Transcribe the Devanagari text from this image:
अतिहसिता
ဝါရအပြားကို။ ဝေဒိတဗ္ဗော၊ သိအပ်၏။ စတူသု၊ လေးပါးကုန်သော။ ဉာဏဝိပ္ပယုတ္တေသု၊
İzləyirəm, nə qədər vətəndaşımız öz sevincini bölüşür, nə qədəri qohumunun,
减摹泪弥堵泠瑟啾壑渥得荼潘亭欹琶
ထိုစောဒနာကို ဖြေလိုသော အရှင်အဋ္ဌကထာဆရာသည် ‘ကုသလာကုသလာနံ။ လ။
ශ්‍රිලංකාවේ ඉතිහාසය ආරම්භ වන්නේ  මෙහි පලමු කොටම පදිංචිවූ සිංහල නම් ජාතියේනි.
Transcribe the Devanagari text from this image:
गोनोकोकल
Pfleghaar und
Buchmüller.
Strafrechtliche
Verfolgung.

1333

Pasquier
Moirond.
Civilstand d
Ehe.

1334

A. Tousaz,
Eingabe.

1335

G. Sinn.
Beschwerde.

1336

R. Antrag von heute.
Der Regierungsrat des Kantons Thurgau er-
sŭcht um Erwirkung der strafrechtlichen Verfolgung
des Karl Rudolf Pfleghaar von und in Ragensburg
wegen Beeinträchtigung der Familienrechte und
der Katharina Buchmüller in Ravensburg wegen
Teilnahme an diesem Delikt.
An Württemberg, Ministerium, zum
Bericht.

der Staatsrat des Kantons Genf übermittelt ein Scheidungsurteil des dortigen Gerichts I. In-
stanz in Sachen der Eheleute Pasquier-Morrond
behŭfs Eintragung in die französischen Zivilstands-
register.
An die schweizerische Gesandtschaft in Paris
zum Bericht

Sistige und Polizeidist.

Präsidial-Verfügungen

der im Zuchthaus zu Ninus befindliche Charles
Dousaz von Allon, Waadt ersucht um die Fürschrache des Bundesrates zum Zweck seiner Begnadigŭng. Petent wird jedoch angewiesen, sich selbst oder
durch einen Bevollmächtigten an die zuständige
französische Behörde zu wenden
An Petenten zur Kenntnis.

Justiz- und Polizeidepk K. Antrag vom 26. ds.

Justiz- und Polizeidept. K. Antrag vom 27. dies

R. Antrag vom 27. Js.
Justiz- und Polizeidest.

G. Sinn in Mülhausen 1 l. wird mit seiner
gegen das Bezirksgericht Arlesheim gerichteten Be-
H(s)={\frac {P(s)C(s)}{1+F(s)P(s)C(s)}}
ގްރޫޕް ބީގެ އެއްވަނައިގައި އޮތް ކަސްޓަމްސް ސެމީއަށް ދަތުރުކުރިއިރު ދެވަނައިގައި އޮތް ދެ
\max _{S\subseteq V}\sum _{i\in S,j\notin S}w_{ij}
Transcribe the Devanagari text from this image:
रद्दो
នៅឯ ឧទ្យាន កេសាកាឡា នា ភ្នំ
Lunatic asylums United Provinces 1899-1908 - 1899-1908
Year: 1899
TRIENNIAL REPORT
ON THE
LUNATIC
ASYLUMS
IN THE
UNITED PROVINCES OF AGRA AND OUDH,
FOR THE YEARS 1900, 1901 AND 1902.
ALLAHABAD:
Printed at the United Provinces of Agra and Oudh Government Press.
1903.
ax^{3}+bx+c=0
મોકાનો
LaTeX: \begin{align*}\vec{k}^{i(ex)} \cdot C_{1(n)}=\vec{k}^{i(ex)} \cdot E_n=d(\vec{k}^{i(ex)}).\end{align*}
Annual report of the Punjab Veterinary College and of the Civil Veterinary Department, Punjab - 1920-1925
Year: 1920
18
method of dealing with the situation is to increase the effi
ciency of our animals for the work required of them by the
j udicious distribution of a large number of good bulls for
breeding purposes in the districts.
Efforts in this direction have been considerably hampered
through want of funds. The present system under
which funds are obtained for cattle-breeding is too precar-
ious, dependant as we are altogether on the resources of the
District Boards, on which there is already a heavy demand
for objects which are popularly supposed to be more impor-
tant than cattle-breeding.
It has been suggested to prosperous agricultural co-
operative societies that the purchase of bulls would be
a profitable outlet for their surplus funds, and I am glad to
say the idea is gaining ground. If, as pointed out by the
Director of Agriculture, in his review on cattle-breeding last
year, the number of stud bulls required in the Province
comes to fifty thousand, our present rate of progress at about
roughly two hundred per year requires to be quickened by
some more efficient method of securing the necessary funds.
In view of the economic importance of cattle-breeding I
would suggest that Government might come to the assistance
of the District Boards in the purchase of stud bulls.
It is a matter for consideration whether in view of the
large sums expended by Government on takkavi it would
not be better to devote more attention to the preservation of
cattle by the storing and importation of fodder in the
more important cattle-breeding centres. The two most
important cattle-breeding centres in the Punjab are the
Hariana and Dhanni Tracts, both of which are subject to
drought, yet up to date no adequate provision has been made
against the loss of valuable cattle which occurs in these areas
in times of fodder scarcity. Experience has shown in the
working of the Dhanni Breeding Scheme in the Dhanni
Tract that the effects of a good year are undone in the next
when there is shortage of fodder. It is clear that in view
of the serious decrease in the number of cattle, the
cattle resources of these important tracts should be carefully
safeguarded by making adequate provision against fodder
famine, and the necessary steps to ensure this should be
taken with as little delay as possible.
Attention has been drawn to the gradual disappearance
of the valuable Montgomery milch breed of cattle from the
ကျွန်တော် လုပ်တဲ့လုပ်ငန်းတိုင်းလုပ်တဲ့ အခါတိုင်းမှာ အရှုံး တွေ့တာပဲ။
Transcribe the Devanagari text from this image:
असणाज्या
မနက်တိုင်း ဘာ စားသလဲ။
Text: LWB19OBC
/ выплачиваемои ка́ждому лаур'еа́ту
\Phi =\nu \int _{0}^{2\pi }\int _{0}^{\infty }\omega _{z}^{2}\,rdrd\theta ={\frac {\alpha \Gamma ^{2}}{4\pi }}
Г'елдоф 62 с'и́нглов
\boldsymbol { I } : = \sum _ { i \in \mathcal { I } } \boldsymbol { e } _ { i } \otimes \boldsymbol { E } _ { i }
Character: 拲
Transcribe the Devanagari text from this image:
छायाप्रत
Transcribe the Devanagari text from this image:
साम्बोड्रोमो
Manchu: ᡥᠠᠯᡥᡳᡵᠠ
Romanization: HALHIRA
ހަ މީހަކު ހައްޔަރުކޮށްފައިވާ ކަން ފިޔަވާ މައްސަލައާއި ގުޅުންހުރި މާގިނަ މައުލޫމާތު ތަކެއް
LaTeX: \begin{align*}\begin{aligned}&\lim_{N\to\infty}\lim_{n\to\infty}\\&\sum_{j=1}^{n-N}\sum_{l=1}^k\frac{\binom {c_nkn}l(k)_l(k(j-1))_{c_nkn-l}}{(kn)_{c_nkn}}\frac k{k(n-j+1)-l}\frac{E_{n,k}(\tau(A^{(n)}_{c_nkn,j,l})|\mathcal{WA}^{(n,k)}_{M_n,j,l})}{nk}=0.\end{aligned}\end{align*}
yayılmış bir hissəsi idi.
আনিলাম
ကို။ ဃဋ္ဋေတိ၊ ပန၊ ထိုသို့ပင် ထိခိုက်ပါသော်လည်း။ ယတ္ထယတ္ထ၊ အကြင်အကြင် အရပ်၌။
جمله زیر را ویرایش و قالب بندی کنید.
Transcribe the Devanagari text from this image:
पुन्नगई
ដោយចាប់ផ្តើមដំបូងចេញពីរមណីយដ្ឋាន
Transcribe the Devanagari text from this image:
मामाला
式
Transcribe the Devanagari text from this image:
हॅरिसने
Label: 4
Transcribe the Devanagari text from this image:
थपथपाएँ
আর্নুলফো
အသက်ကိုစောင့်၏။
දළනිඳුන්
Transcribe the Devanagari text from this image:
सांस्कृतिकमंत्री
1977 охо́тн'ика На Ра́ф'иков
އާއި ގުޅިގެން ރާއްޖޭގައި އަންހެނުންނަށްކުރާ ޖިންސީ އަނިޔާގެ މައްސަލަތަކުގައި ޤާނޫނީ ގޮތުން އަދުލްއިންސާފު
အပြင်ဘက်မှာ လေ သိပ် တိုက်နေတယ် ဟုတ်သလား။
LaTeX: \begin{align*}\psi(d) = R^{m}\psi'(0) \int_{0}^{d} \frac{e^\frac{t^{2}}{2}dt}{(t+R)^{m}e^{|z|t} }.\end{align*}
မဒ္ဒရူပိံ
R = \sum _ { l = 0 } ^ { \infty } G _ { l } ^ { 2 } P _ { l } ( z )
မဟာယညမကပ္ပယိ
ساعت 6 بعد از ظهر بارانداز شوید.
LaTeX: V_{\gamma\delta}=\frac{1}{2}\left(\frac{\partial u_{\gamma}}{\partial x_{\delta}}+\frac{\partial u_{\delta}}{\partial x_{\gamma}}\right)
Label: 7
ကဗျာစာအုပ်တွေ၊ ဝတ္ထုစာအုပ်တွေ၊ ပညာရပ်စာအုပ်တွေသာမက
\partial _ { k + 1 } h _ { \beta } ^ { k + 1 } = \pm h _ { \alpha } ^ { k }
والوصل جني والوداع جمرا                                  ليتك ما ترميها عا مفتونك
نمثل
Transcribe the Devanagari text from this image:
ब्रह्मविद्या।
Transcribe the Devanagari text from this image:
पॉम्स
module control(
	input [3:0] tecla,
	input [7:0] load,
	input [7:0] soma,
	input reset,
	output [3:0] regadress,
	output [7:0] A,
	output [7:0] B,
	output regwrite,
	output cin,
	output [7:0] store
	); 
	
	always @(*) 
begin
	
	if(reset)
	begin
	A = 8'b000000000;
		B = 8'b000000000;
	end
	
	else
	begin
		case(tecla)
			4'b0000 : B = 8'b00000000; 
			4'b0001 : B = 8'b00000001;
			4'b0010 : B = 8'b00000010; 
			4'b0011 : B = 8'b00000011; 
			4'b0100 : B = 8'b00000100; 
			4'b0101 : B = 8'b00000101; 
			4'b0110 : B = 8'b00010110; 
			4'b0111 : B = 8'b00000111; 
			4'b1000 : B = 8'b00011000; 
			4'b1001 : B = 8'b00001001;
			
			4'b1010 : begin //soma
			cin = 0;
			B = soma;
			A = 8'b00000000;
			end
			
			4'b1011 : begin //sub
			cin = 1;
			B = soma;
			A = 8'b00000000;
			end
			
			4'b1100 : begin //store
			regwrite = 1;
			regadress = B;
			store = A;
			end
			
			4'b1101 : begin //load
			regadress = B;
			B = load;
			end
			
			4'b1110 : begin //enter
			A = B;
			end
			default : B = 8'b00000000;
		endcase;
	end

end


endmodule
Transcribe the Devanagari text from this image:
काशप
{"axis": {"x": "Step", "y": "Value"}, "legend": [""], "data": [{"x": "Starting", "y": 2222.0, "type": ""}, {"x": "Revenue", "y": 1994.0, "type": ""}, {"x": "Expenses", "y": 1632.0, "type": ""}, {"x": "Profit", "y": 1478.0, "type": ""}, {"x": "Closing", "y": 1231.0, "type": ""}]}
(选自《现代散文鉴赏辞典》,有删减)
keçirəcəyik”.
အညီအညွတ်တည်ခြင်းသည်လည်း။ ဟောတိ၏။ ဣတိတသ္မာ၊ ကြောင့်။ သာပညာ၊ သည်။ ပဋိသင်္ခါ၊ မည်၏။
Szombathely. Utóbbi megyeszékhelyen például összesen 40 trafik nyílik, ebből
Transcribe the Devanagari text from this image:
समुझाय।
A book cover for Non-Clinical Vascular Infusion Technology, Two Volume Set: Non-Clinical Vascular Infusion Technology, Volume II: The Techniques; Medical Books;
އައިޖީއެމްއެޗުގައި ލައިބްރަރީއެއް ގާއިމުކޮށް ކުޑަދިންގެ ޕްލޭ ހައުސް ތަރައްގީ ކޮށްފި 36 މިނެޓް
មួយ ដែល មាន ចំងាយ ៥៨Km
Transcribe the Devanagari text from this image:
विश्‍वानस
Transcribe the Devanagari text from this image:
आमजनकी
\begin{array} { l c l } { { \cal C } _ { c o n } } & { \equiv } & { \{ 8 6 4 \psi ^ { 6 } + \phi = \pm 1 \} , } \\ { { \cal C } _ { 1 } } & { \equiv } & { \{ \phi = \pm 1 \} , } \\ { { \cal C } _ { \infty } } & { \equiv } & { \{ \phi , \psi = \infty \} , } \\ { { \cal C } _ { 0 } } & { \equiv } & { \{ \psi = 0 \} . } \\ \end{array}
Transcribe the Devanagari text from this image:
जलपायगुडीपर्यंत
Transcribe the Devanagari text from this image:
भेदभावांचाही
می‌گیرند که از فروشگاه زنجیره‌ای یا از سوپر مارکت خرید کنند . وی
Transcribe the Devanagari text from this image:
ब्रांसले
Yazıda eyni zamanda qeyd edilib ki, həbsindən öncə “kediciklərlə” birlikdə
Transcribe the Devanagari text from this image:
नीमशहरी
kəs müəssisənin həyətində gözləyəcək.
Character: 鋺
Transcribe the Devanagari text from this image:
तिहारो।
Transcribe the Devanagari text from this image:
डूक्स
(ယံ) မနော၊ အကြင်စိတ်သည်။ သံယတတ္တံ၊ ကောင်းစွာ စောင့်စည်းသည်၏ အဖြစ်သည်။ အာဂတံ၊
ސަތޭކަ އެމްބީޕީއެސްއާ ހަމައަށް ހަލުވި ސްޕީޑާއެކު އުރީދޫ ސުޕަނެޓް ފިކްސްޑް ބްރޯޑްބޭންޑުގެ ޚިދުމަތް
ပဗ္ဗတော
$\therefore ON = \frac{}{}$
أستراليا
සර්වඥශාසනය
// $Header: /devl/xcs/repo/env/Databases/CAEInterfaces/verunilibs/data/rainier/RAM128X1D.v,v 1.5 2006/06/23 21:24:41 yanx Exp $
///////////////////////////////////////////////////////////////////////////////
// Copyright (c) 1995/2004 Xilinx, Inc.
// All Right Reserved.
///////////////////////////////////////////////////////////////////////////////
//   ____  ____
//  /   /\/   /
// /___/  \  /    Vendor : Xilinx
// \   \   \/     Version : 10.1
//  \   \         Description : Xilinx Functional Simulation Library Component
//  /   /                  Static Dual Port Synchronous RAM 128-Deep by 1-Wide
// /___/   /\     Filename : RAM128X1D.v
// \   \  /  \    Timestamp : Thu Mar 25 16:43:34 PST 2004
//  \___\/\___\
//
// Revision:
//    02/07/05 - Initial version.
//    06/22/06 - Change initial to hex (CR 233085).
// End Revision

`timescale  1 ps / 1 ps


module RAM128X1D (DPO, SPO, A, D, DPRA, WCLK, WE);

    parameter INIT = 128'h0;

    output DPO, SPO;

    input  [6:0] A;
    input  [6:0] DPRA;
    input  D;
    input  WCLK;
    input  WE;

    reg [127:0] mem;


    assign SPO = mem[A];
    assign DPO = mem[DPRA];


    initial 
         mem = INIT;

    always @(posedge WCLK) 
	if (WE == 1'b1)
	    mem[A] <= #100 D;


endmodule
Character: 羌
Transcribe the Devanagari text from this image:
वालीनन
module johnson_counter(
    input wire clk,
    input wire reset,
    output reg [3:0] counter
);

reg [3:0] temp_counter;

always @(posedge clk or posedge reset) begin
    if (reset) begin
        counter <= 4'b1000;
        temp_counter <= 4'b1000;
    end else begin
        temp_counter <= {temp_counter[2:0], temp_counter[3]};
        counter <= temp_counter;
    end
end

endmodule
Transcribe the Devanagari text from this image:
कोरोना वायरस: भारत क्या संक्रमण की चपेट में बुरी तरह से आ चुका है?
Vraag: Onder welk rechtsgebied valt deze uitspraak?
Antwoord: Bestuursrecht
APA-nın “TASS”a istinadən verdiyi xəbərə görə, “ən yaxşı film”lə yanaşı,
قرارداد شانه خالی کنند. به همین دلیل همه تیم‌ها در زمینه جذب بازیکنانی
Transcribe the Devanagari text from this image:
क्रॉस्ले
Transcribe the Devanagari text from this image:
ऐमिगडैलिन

• _Work instruction_
Look through the entries. Copy out each line with "partial" in it.

• _Solution to the problem_
LaTeX: V_{\gamma\delta}=\frac{1}{2}\left(\frac{\partial u_{\gamma}}{\partial x_{\delta}}+\frac{\partial u_{\delta}}{\partial x_{\gamma}}\right)
\partial _ { k + 1 } h _ { \beta } ^ { k + 1 } = \pm h _ { \alpha } ^ { k }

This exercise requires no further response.